Enable Hardware acceleration
nVidia purevideo - on
color profile - original
nVidia CUDA - on
Inverse tecline - on

I ordered a new lamp now due to over excessive power loss. I only have 1150 hours on the lamp that are mostly whisper but I could see some very bad dimming each time. There has since been repairs (no issues since) next door so hopefully that will not be a problem in the future.

My soundcard is setup for Dolby output 48K PCM and it will not let me select higher output. Input into my Outlaw I have been using the Neo-6 surround mode but with Blu-ray I am getting skipping sounds in the audio every so often. I think that this must have something to do with the signal being compressed but I would have thought that it would support compressed DTS. I'm not sure if this is a driver related issue in Vista X64 or what is wrong there. I have been using 6 channel output in PowerDVD with no effects. My laptop does not have the S/PDIF output jack.

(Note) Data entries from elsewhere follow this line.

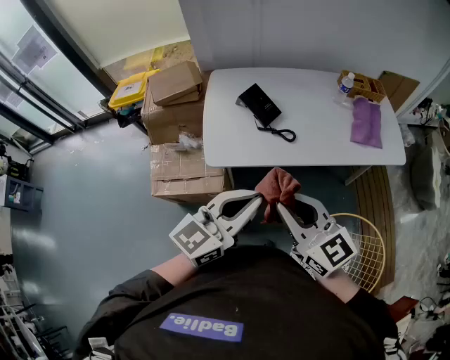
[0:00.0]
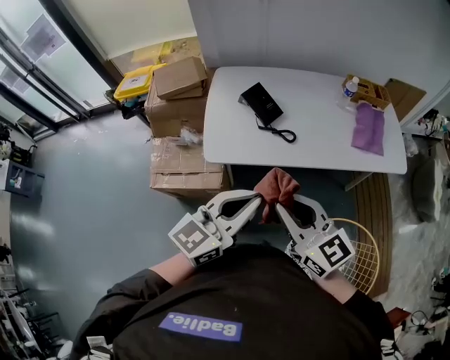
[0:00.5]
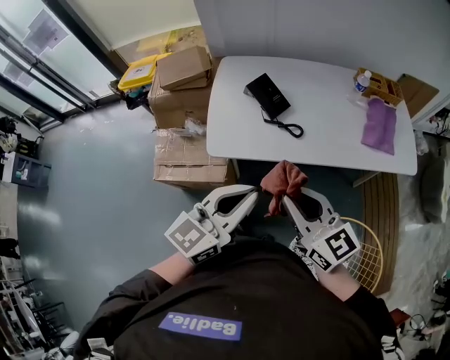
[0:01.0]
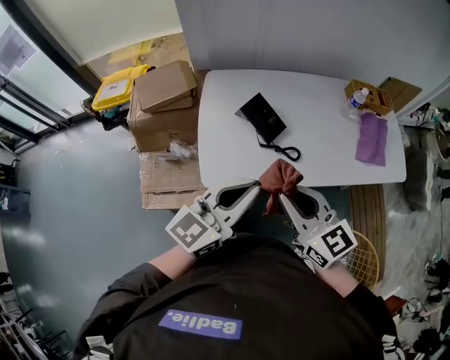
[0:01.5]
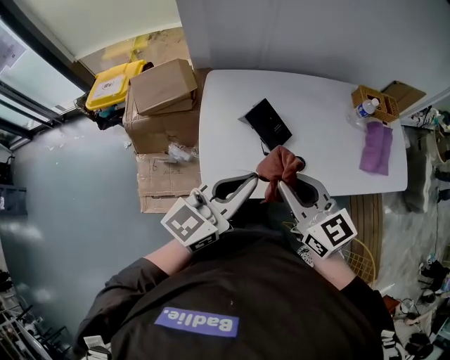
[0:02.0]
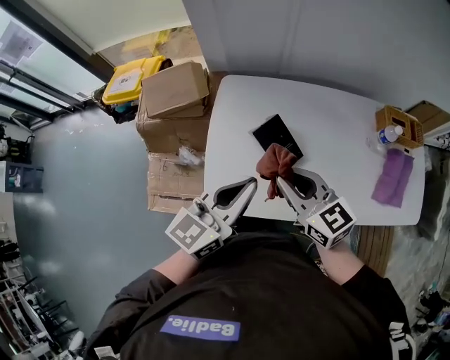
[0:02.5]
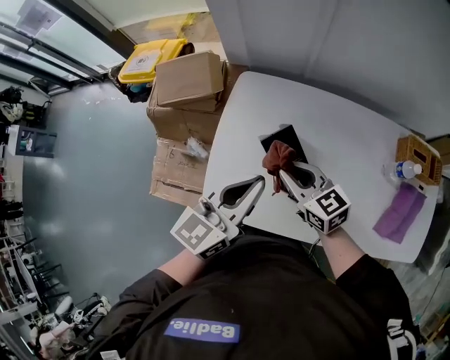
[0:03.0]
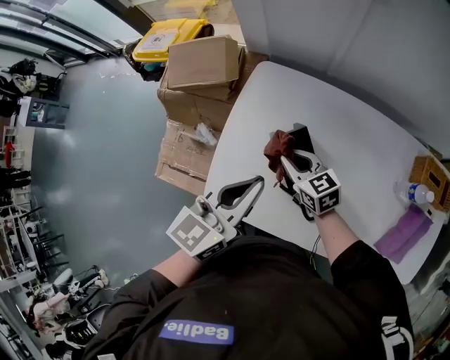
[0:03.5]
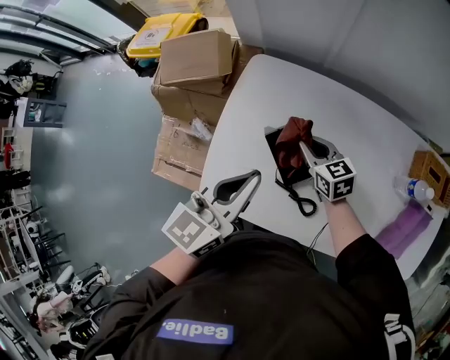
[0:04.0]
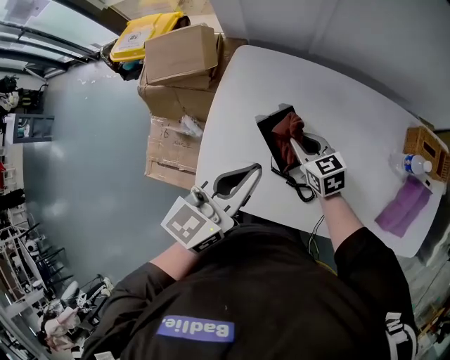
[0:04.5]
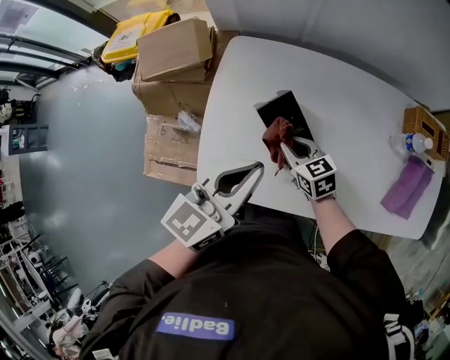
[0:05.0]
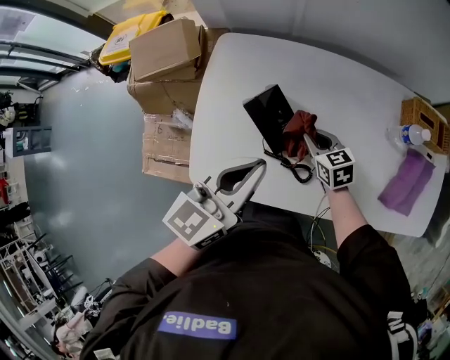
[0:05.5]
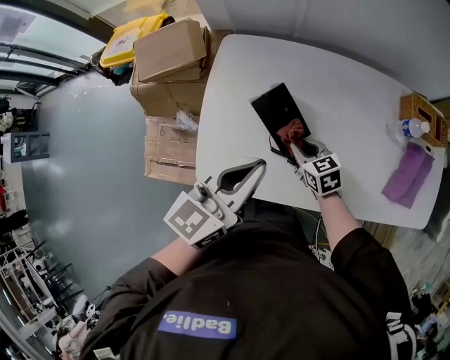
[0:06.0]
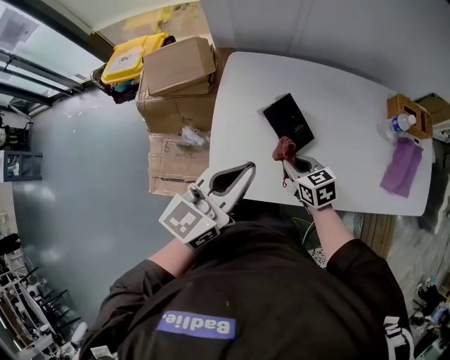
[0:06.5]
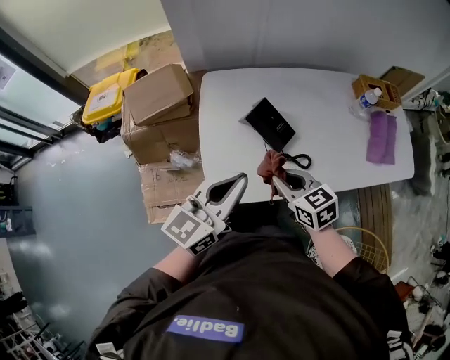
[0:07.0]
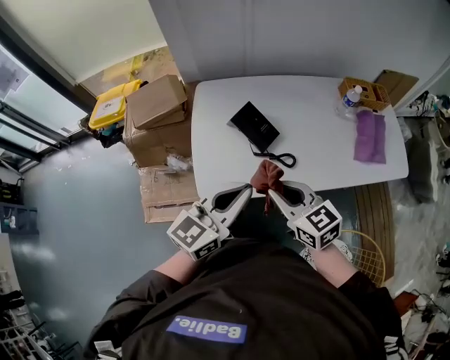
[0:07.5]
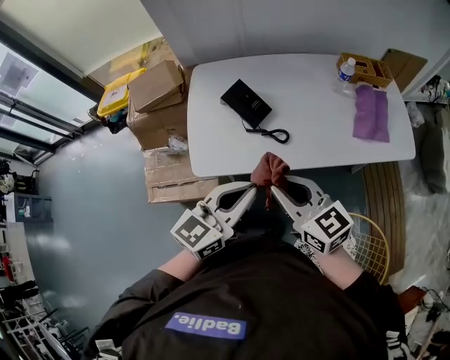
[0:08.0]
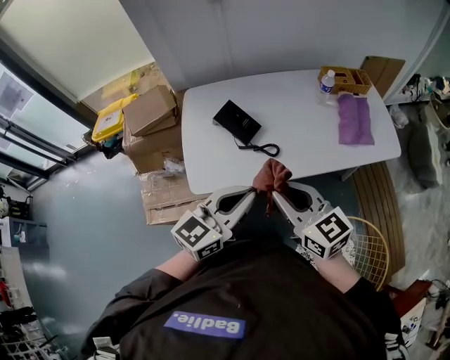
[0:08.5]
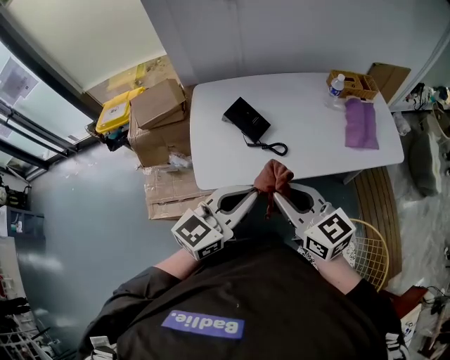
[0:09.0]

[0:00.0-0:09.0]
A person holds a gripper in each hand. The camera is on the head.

Is there a different card that will support a higher playback bitrate via my laptops firewire or USB connection? My Outlaw has bass management and 5.1 analog inputs but no USB or HDMI input. I have thought about upgrading the CPU also but I am unsure if this would cause the laptop to become overheated or not. I will continue researching but if there is anyone experienced with this, or have any suggestions they are most welcome.


----------



## thewire (Jun 28, 2007)

Something that I changed in my settings has stopped the skipping in the audio.


----------